Transaction Locking And Isolation In JDBC

Transaction is a set of instructions which follow atomicity,consistency,Integrity and durability.

1. Atomicity : This states that either all actions should complete or none should occur.

2. Consistency : This imposes certain business rule.

3. Integrity : This states that the two actions shall not interfere with each other or access each others data.

4. Durability : This states that the changes occurred due to a certain action or transaction must be stored in a durable persistent storage.

 

When we talk about the Transaction Locking And Isolation In JDBC, following are the issues we need to address when to concurrent transactions are taking place :

1. Dirty read : This happens when uncommitted data is read.Typical example is :

a. Transaction 1 inserts a row into a table.

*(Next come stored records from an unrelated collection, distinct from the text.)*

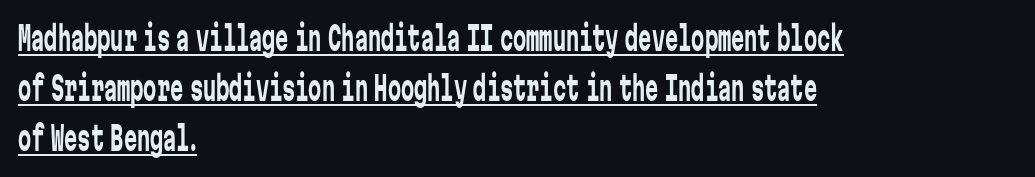
Short note: letters normally spaced. The rows are spaced the way most documents space them. One-word summary of the alignment: left. Every word sits above its own underline. Vertical strokes here are truly vertical. Here the designer chose a console-style face with uniform glyph widths.
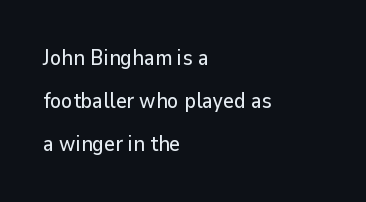
{"italic": "no", "underline": "no", "align": "left", "line_spacing": "loose", "line_spacing_ratio": 2.04, "letter_spacing": "normal", "letter_spacing_em": 0.0, "glyph_px": 21}
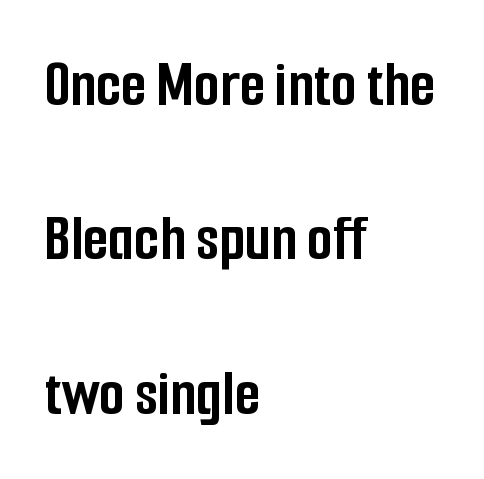
{"serif": "no", "italic": "no", "bold": "yes", "weight": "semibold", "width": "condensed", "stroke_contrast": "low", "x_height": "medium", "monospaced": "no", "underline": "no", "align": "left", "line_spacing": "loose", "line_spacing_ratio": 2.34, "letter_spacing": "normal", "letter_spacing_em": 0.0, "glyph_px": 66}
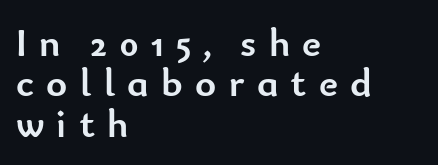
Leading: reduced. Check where the strokes stop: nothing finishes them off — pure sans. In terms of letterspacing, this is a distinctly airy, spread setting. Do the characters align in a grid? No, the font is proportional. Leftover space on each line is placed entirely after the last word.
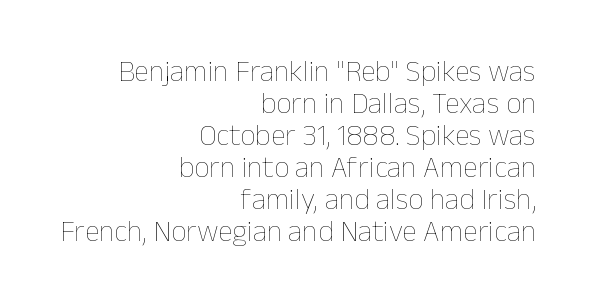
The image shows 30 px thin type, upright; set right-aligned, tight line spacing (1.07x), normal letter spacing, not underlined; low stroke contrast and a medium x-height.
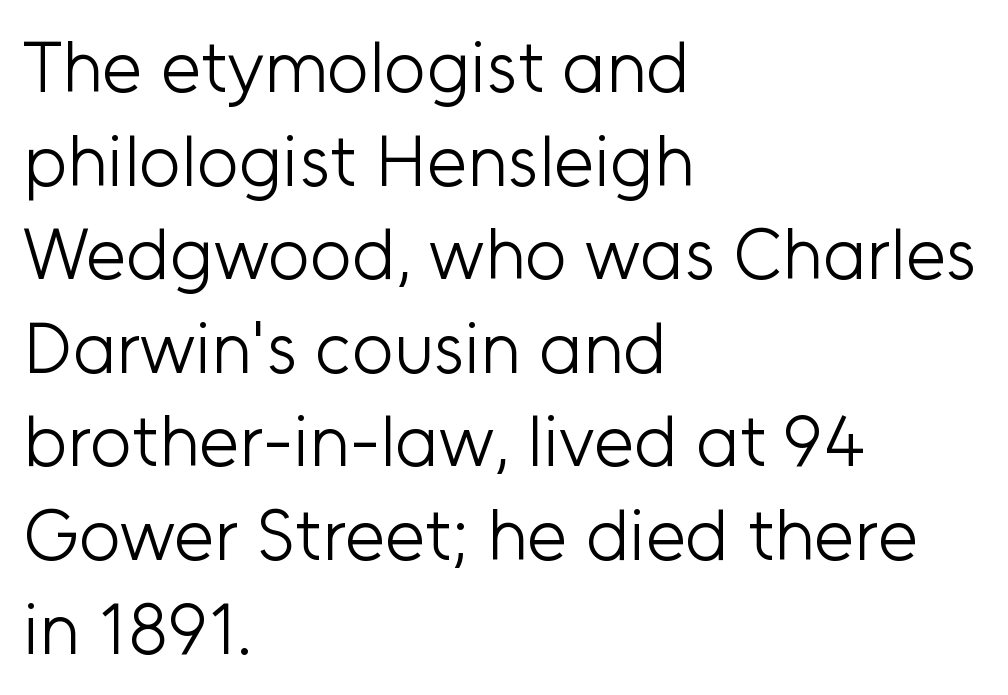
Leading matches the norm, producing a regular column. Here the designer chose a conventional face with non-uniform glyph widths. Only glyphs here, with clear space below each row. Classification — sans serif. Every stem runs plumb, perpendicular to the baseline.
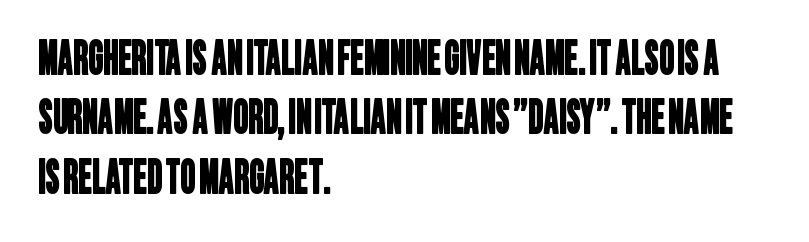
Q: Is the typeface a serif or a sans-serif typeface? A: Sans-serif.
Q: Is the text underlined? A: No.
Q: How is the paragraph aligned? A: Left-aligned.
Q: Is the spacing between letters normal or unusually wide? A: Normal.
Q: Is the spacing between lines tight, normal or loose? A: Normal.
Q: Width (condensed, normal, or wide)? A: Condensed.
Q: Stroke contrast? A: Low.
Q: x-height? A: Large.
Q: Monospaced? A: No.
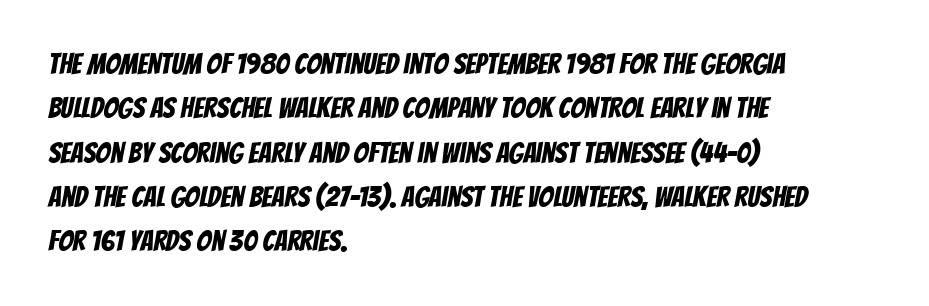
Are there feet on the stems? There aren't — it's a sans. The rows are spaced the way most documents space them. Is this a fixed-width face? No — the glyphs have proportional, varying widths. Words appear dense and cohesive because spacing is normal. Quick note: underline off. The typesetter chose a ragged-right arrangement here.
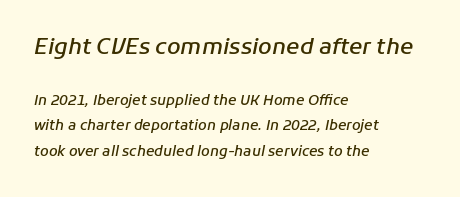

b.Transaction 2 reads the new row.

c.Transaction 1 rolls back.

2. Non-repeatable read : This happens when data reads from the same table for the same row are not same.Typical example is

a. Transaction 1 reads a row.

b. Transaction 2 updates the row.

c. Transaction 1 reads the same row a second time and gets a different  results.

 

3. Phantom Read : This occurs due to appearing of new records when same query is run at different times.Typical example is :

a. Transaction 1 reads all rows that satisfy a WHERE clause.

b. Transaction 2 inserts additional rows that satisfies the WHERE clause.

c. Transaction 1 executes  the WHERE condition and picks up the additional row.

There are different transaction isolation levels used from JDBC coding to address these issues.The function to set isolation level is :

 

con.setTranscationIsolationLevel(intvalue);

Different integer values can be provided as follows :

0 – JDBC_TRANSACTION_NONE
1 – JDBC_TRANSACTION_READ_UNCOMMITTED
2 – JDBC_TRANSACTION_READ_COMMITTED
4 – JDBC_TRANSACTION_REPEATABLE_READ
8 – JDBC_TRANSACTION_SERIALIZABLE

Once we set the isolation levels using the above function,we can address the issues of transaction level in JDBC connection.As the isolation     level increases it gets stricter and lower level problems are also addressed.If we have set the value to 8 ,the isolation level with value lesser than 8 ,ie. 0,1,2,4, are also taken  care of.